- Problem statement:
Every entry is to be transcribed as it stands. Images stay out.

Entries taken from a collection
____
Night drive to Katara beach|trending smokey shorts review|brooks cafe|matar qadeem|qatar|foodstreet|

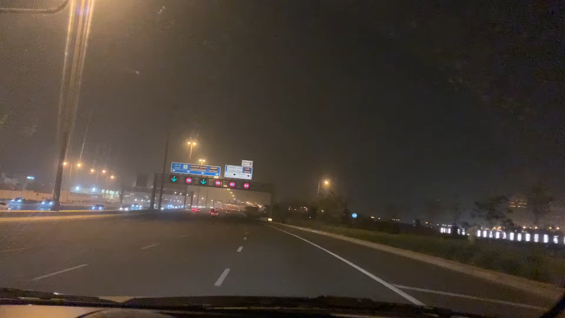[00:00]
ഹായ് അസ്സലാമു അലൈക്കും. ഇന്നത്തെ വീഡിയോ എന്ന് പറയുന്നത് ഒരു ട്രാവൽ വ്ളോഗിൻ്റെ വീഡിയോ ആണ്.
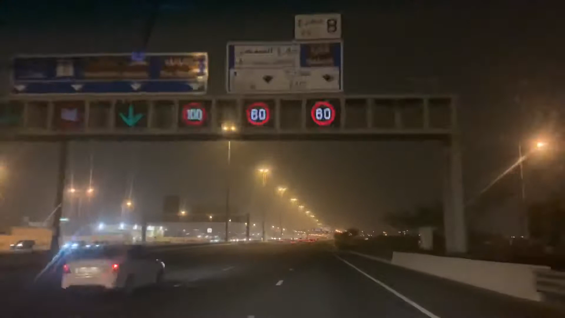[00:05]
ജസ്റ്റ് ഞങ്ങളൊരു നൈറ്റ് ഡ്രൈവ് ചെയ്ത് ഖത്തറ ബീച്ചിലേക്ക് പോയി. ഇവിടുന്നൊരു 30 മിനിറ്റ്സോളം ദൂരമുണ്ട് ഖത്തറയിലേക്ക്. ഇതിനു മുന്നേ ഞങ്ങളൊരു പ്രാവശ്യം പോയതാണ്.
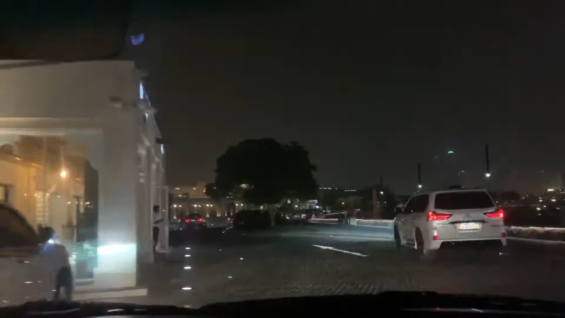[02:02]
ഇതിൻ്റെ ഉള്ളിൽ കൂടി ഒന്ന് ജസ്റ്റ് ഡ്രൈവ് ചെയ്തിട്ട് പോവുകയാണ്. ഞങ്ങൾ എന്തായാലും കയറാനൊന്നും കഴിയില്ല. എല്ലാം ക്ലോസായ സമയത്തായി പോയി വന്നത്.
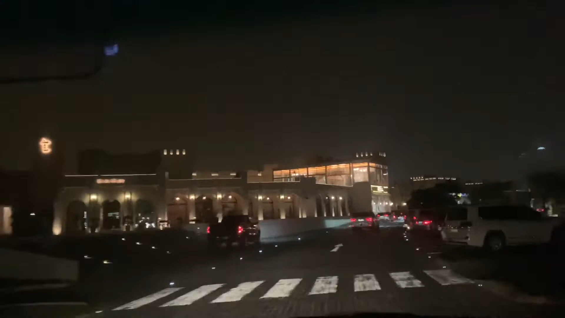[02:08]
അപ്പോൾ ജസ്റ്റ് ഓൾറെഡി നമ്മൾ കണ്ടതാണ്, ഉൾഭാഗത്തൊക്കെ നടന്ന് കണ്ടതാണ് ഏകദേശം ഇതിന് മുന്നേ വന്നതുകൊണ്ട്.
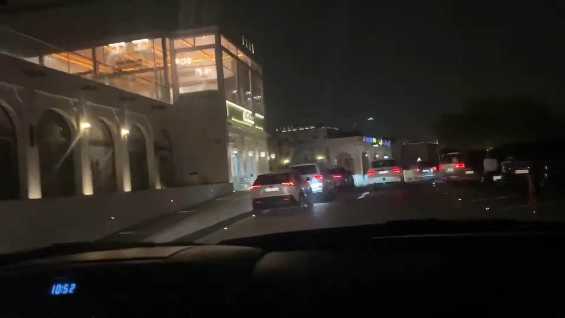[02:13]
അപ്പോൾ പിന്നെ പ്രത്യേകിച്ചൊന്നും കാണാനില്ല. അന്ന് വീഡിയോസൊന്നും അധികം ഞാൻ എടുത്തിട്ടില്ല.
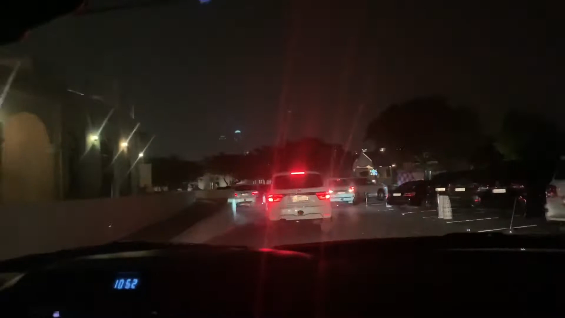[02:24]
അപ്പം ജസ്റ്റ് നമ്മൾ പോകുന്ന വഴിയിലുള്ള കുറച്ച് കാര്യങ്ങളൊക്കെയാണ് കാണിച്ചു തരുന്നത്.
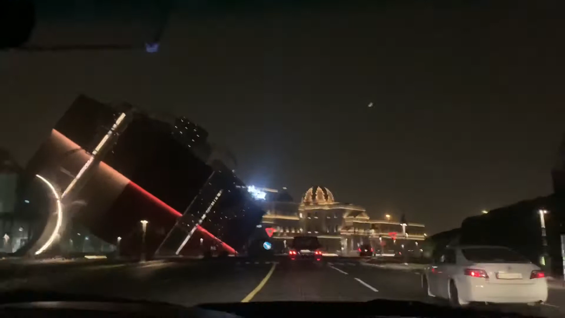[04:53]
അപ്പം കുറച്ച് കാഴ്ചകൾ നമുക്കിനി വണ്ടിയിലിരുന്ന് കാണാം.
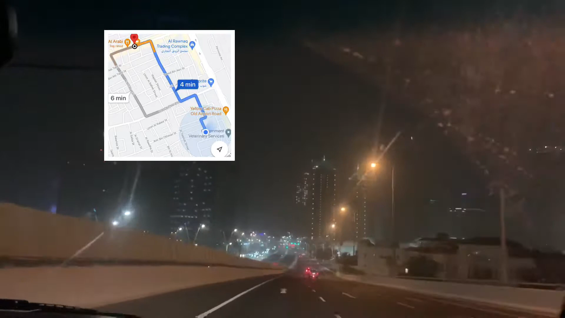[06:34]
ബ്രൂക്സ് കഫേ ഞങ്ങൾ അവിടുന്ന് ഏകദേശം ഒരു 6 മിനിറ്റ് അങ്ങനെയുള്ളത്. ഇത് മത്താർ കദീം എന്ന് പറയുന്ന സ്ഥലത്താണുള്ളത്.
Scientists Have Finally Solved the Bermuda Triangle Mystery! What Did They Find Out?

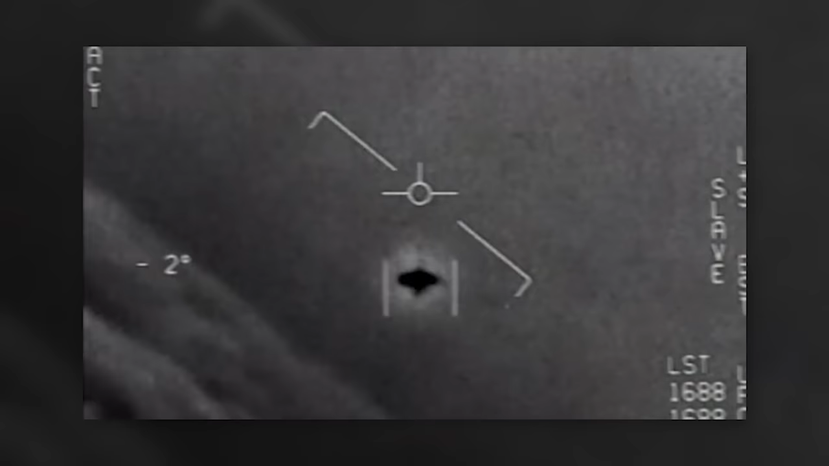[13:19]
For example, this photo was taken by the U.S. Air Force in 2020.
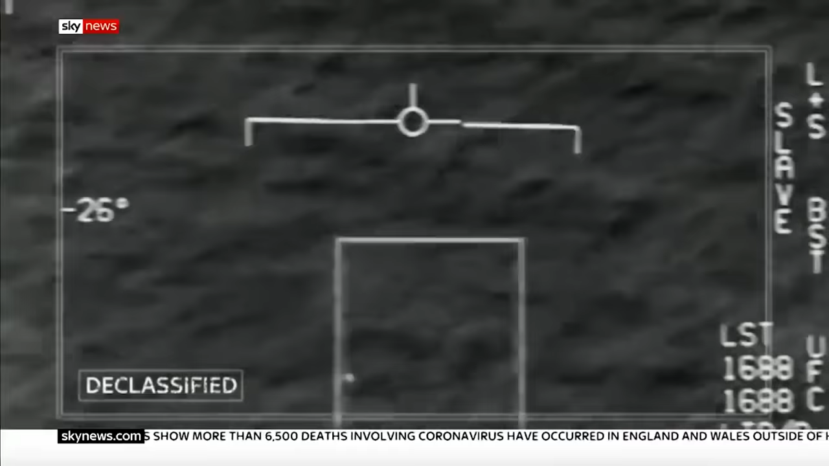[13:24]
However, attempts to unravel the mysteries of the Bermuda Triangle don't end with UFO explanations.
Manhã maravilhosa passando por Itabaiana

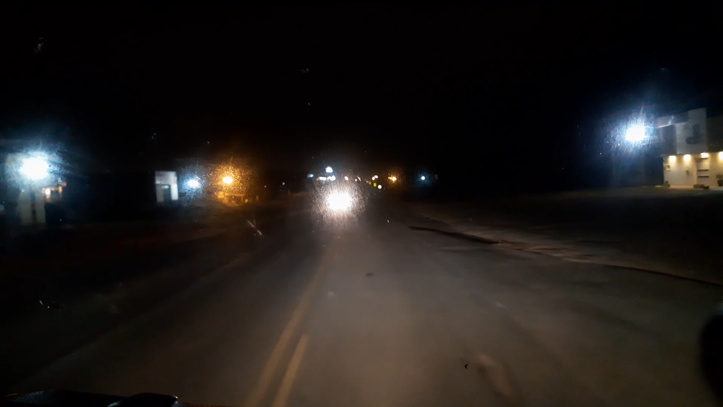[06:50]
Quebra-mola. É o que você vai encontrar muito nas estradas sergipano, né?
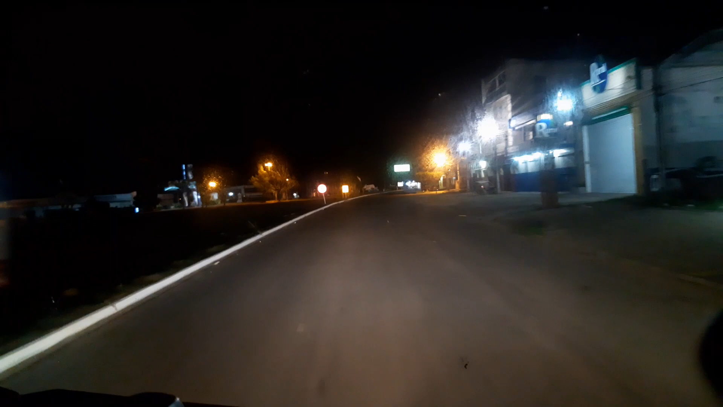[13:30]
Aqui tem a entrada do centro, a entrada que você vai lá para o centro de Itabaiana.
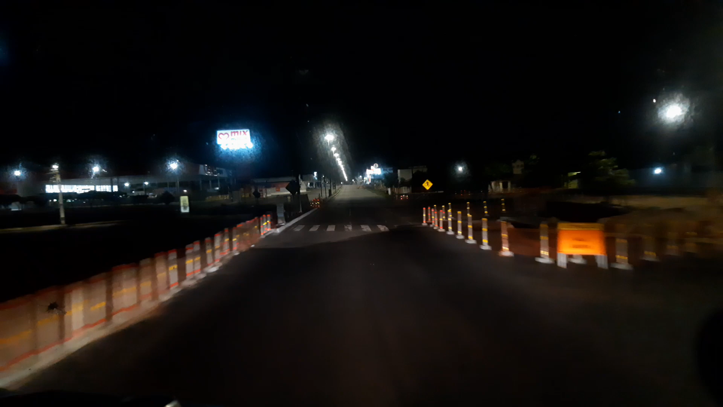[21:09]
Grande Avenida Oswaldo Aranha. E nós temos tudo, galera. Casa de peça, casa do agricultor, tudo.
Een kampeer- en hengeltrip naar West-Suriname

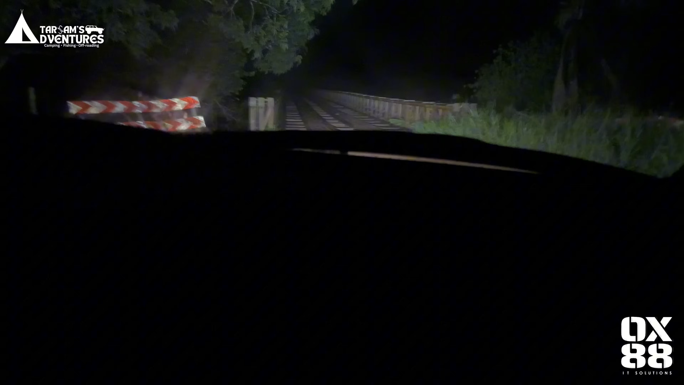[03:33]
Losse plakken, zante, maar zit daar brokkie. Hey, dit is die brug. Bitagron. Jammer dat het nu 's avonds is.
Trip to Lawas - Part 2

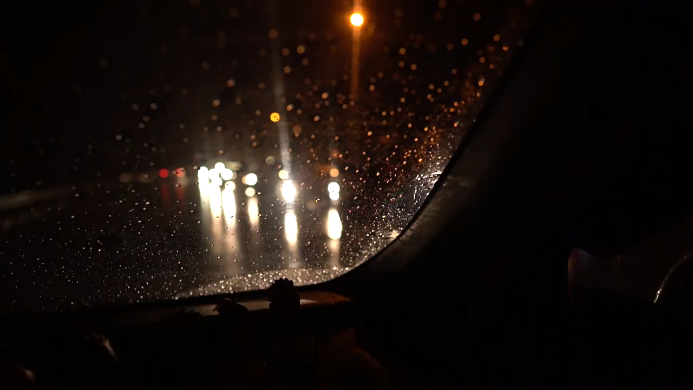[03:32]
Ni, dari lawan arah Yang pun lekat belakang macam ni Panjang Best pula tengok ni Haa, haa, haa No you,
____
- Answer section:
Night drive to Katara beach|trending smokey shorts review|brooks cafe|matar qadeem|qatar|foodstreet|

[00:00]
ഹായ് അസ്സലാമു അലൈക്കും. ഇന്നത്തെ വീഡിയോ എന്ന് പറയുന്നത് ഒരു ട്രാവൽ വ്ളോഗിൻ്റെ വീഡിയോ ആണ്.
[00:05]
ജസ്റ്റ് ഞങ്ങളൊരു നൈറ്റ് ഡ്രൈവ് ചെയ്ത് ഖത്തറ ബീച്ചിലേക്ക് പോയി. ഇവിടുന്നൊരു 30 മിനിറ്റ്സോളം ദൂരമുണ്ട് ഖത്തറയിലേക്ക്. ഇതിനു മുന്നേ ഞങ്ങളൊരു പ്രാവശ്യം പോയതാണ്.
[02:02]
ഇതിൻ്റെ ഉള്ളിൽ കൂടി ഒന്ന് ജസ്റ്റ് ഡ്രൈവ് ചെയ്തിട്ട് പോവുകയാണ്. ഞങ്ങൾ എന്തായാലും കയറാനൊന്നും കഴിയില്ല. എല്ലാം ക്ലോസായ സമയത്തായി പോയി വന്നത്.
[02:08]
അപ്പോൾ ജസ്റ്റ് ഓൾറെഡി നമ്മൾ കണ്ടതാണ്, ഉൾഭാഗത്തൊക്കെ നടന്ന് കണ്ടതാണ് ഏകദേശം ഇതിന് മുന്നേ വന്നതുകൊണ്ട്.
[02:13]
അപ്പോൾ പിന്നെ പ്രത്യേകിച്ചൊന്നും കാണാനില്ല. അന്ന് വീഡിയോസൊന്നും അധികം ഞാൻ എടുത്തിട്ടില്ല.
[02:24]
അപ്പം ജസ്റ്റ് നമ്മൾ പോകുന്ന വഴിയിലുള്ള കുറച്ച് കാര്യങ്ങളൊക്കെയാണ് കാണിച്ചു തരുന്നത്.
[04:53]
അപ്പം കുറച്ച് കാഴ്ചകൾ നമുക്കിനി വണ്ടിയിലിരുന്ന് കാണാം.
[06:34]
ബ്രൂക്സ് കഫേ ഞങ്ങൾ അവിടുന്ന് ഏകദേശം ഒരു 6 മിനിറ്റ് അങ്ങനെയുള്ളത്. ഇത് മത്താർ കദീം എന്ന് പറയുന്ന സ്ഥലത്താണുള്ളത്.
Scientists Have Finally Solved the Bermuda Triangle Mystery! What Did They Find Out?

[13:19]
For example, this photo was taken by the U.S. Air Force in 2020.
[13:24]
However, attempts to unravel the mysteries of the Bermuda Triangle don't end with UFO explanations.
Manhã maravilhosa passando por Itabaiana

[06:50]
Quebra-mola. É o que você vai encontrar muito nas estradas sergipano, né?
[13:30]
Aqui tem a entrada do centro, a entrada que você vai lá para o centro de Itabaiana.
[21:09]
Grande Avenida Oswaldo Aranha. E nós temos tudo, galera. Casa de peça, casa do agricultor, tudo.
Een kampeer- en hengeltrip naar West-Suriname

[03:33]
Losse plakken, zante, maar zit daar brokkie. Hey, dit is die brug. Bitagron. Jammer dat het nu 's avonds is.
Trip to Lawas - Part 2

[03:32]
Ni, dari lawan arah Yang pun lekat belakang macam ni Panjang Best pula tengok ni Haa, haa, haa No you,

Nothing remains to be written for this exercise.